- NY 96B highlighted in red

Route information
- Auxiliary route of NY 96
- Maintained by NYSDOT and the city of Ithaca
- Length: 19.56 mi (31.48 km)
- Existed: November 1952–present

Major junctions
- South end: NY 96 in Candor
- North end: NY 13 / NY 34 / NY 96 in Ithaca

Location
- Country: United States
- State: New York
- Counties: Tioga, Tompkins

Highway system
- New York Highways; Interstate; US; State; Reference; Parkways;
| ← NY 96A |  | → NY 97 |

= New York State Route 96B =

Highway in New York

New York State Route 96B (NY 96B) is a north–south state highway in the Southern Tier of New York in the United States. It connects NY 96 in the village of Candor in Tioga County to NY 13, NY 34, and NY 96 in the city of Ithaca in Tompkins County. NY 96B approaches Ithaca from the south as Danby Road and then as South Aurora Street, before turning westward onto Clinton Street and proceeding to its northern terminus at a junction with NY 13, NY 34, and NY 96. The portion of NY 96B from the Ithaca city line to its northern terminus is maintained by the city.

== Route description ==
NY 96B begins at an intersection with NY 96 (Main Street), cosigned with NY 96 Truck, in the village of Candor. NY 96B proceeds northward along Owego Street as a two-lane residential street, passing west of a cemetery, and bending west as Owego Road. Changing names to Ithaca Road, the route intersects with County Route 17 (CR 17; Mill Street / Honeypot Road).

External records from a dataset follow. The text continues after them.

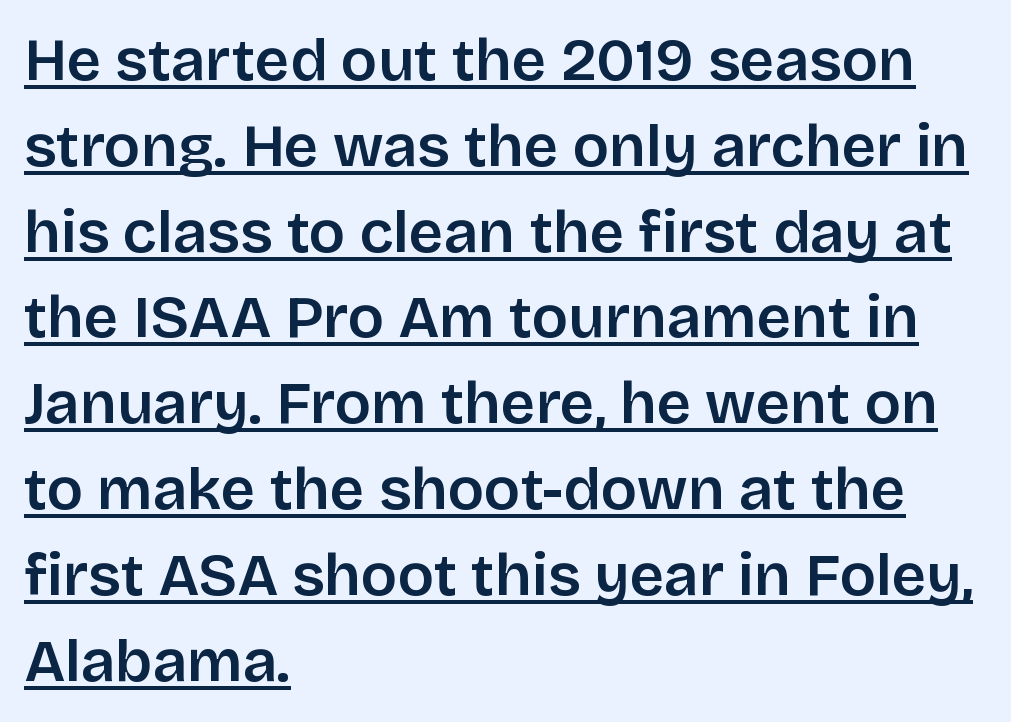
{"serif": "no", "italic": "no", "bold": "semi", "weight": "semibold", "width": "normal", "stroke_contrast": "low", "x_height": "large", "monospaced": "no", "underline": "yes", "align": "left", "line_spacing": "normal", "line_spacing_ratio": 1.43, "letter_spacing": "normal", "letter_spacing_em": 0.0, "glyph_px": 60}
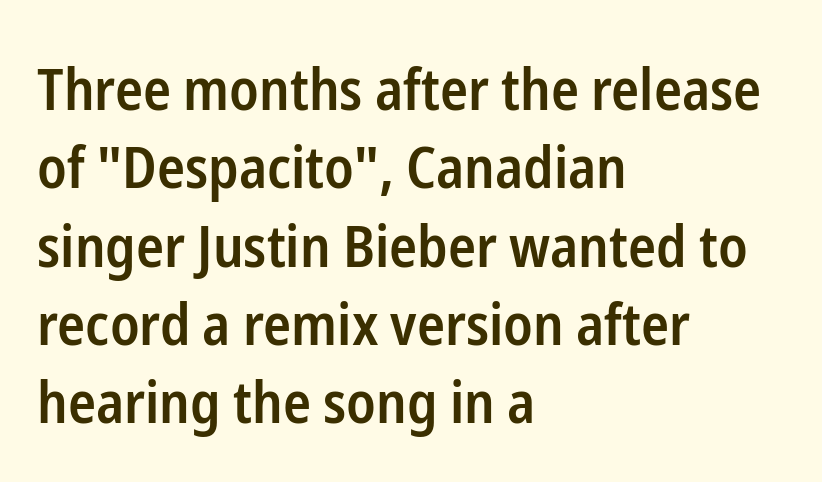
The image shows 58 px semibold, condensed sans-serif type, upright; set left-aligned, normal line spacing (1.35x), normal letter spacing, not underlined; low stroke contrast and a medium x-height.
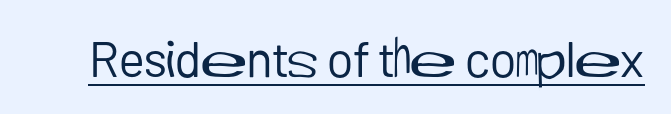
{"serif": "no", "italic": "no", "bold": "no", "weight": "regular", "width": "normal", "stroke_contrast": "low", "x_height": "medium", "monospaced": "no", "underline": "yes", "letter_spacing": "normal", "letter_spacing_em": 0.0, "glyph_px": 50}
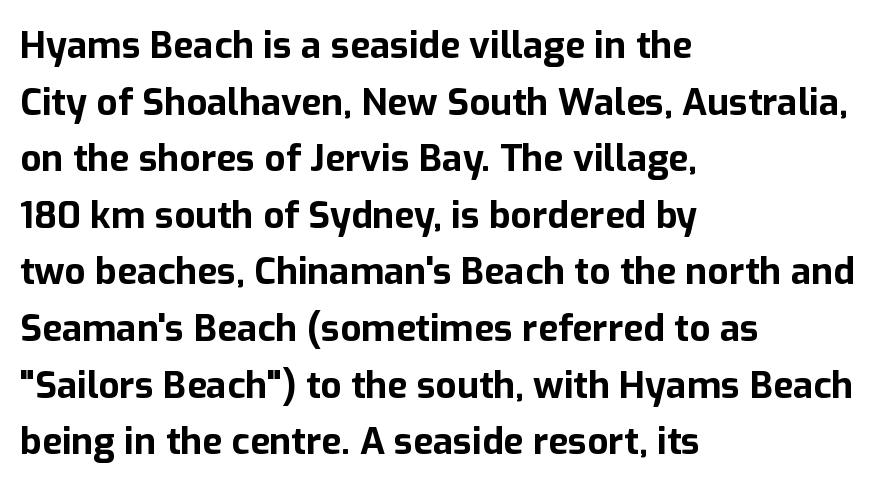
Bold? Absolutely — the strokes are thick and heavy. The paragraph shown leans on its left margin. In terms of letterform style, serifs are entirely absent. The specimen reads as upright at a glance.
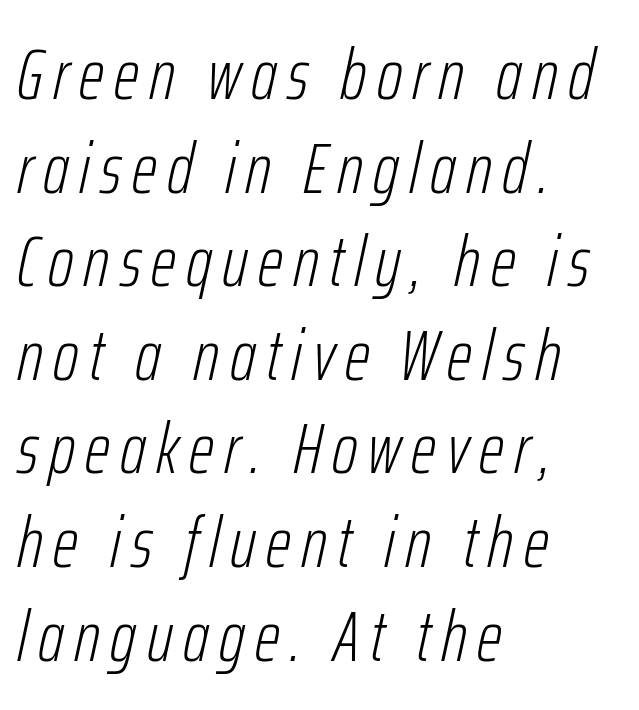
{"italic": "yes", "lean": "right", "slant_degrees": 12, "bold": "no", "weight": "light", "width": "condensed", "stroke_contrast": "low", "x_height": "medium", "monospaced": "no", "underline": "no", "align": "left", "line_spacing": "normal", "line_spacing_ratio": 1.3, "glyph_px": 72}
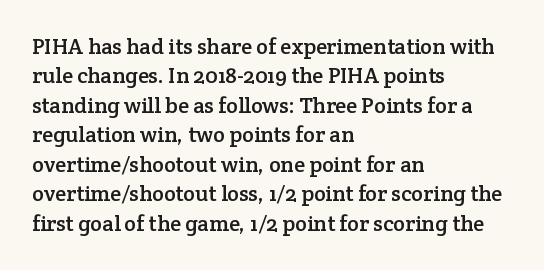
The image shows 22 px text type, upright; set left-aligned, normal line spacing (1.34x), normal letter spacing, not underlined.
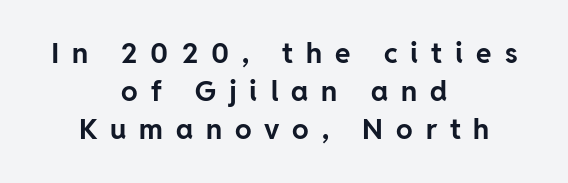
The image shows 28 px bold sans-serif type, upright; set centered, normal line spacing (1.36x), unusually wide letter spacing (+0.46 em), not underlined; low stroke contrast and a medium x-height.
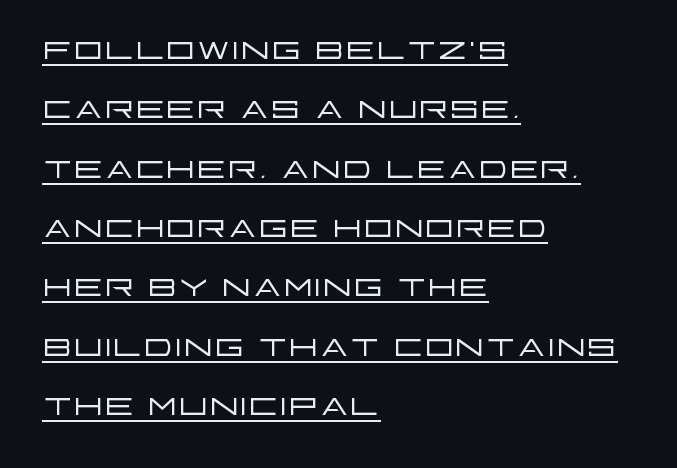
Horizontal alignment here is leftward, the default for most running prose. The rendering keeps characters at their native spacing. Do the characters align in a grid? No, the font is proportional. Observe the absence of serifs on each vertical stroke in this sample. The typesetting does not lean heavy: it is not bold. The font's upright variant was chosen for this text.
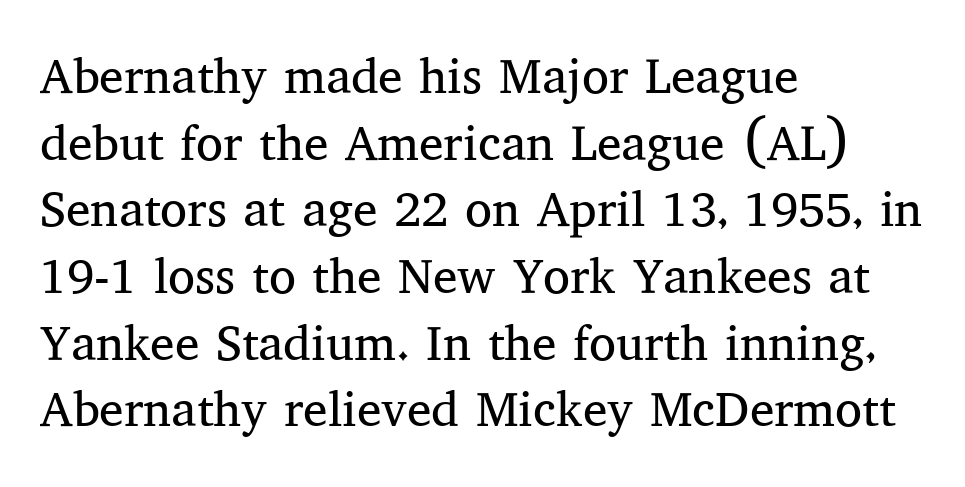
The rendering shows small feet on the letterforms — a serif design. The type sits square on the baseline with zero lean. Does the leading feel generous? No, just average. The cut favours lightness, reaching ordinary text weight at its darkest.
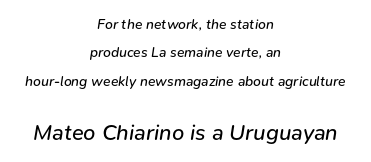
{"italic": "yes", "lean": "right", "slant_degrees": 9, "bold": "no", "underline": "no", "align": "center", "line_spacing": "loose", "line_spacing_ratio": 2.03, "letter_spacing": "normal", "letter_spacing_em": 0.0, "larger_block": "second", "size_ratio": 1.57, "glyph_px": 22}

Entering the town of Candor, NY 96B bends northward into the hamlet of Gridleyville, a rural area of Candor. After Gridleyille, NY 96B begins a winding alignment northward, passing to the southwest of Willseyville. After Willseyville, the route remains a two-lane northwest-bound highway, crossing the county line into Tompkins County and the town of Danby.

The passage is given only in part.